Catch a Kiwi (New Zealand Ever After Book 6)
1. Failure to Failure
Summer
“We could totally crash right now,” my cousin Delilah informed me from the passenger seat. “Meet somebody coming around a corner, and—boom. That would be just the crowning glory. After another job bites the dust, because a café can’t be open when it’s flooded. And, of course, when our last shower was two days ago and our worldly possessions have been reduced to a campervan. We’re like the ‘before’ scene in a movie. Do you still count as homeless if you have a campervan? I’m guessing yes.”
Breathe, I told myself, and redoubled my focus on the winding road, ignoring the fern trees that were whipping around on the downhill side like they were auditioning to be in a hurricane on the news. There were no roads as narrow as New Zealand roads, which meant that Delilah was right. If anybody came around the corner, just a little over the nonexistent center line …
I’d have rubbed my forehead with trembling fingers like somebody in a book, but my death grip on the steering wheel had other ideas. “Why would we crash?” I asked Delilah. “Because it’s raining? And we’re living in a campervan because we’re on a working holiday. A working holiday in New Zealand. That’s not homeless. That’s a dream life.”

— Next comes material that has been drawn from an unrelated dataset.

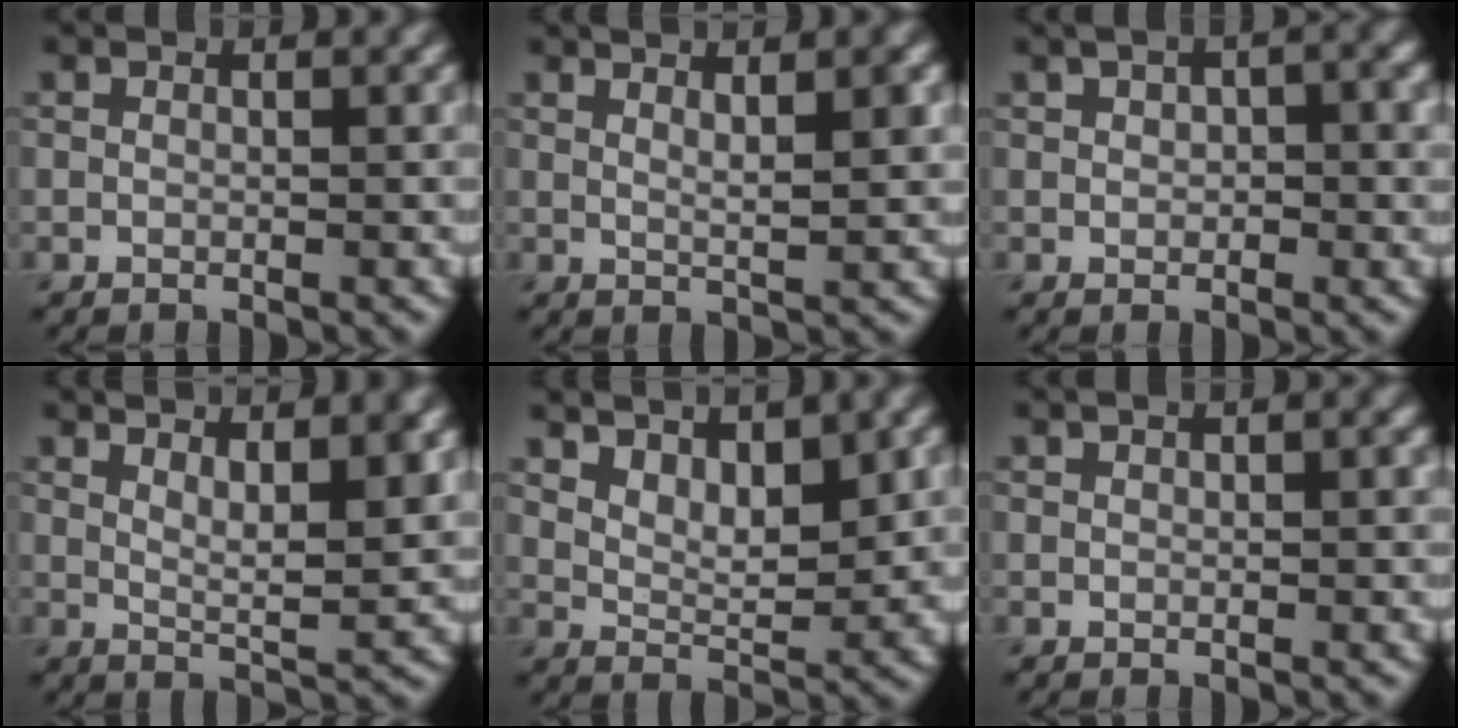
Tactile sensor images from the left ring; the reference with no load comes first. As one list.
[{"total": 3.6, "force": [1.8, 0.9, 2.9], "torque": [-0.025, 0.009, 0.015]}, {"total": 3.8, "force": [1.0, 2.2, 3.0], "torque": [-0.037, 0.008, 0.015]}, {"total": 5.6, "force": [3.1, 1.3, 4.4], "torque": [-0.052, 0.001, 0.044]}, {"total": 5.5, "force": [3.5, 2.4, 3.6], "torque": [-0.051, -0.002, 0.056]}, {"total": 1.6, "force": [0.7, 0.7, 1.3], "torque": [-0.018, 0.004, 0.014]}]

“No, because it’s pouring,” she said. “Brilliant idea to drive to the beach. Hello? It’s a cyclone. That means a hurricane. Have you ever watched TV? Palm trees whipping in the wind much?”

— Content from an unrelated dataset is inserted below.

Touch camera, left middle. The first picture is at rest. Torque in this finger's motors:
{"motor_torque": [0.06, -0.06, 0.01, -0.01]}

“It’s raining practically everywhere in the South Island,” I reminded her as the ancient gray van did some more groaning—what was that?—and the windshield wipers slapped frantically in a futile attempt to keep up with the sheets of water. “Things aren’t flooded here, though, you notice, unlike in Fiordland. The road isn’t closed, and nobody’s evacuating over here last I checked. Onward and upward. Whoops. We turn here.” I could barely see to make the turn onto Purakaunui Bay Road, and once I did, I realized the road was gravel. That was OK, though, right? Gravel drained the water. That was the whole reason for gravel.
“I hate your new looking-on-the-bright-side thing, so you know,” Delilah said. “I liked you better when you were snarky and dark, like me.”
I inched around a hairpin curve as the headlights flickered. So did the dash illumination. The windshield wipers faltered, and my heart skipped a beat. They restarted, and I breathed again. Never mind. I could look out the window to drive if I had to, right? Right?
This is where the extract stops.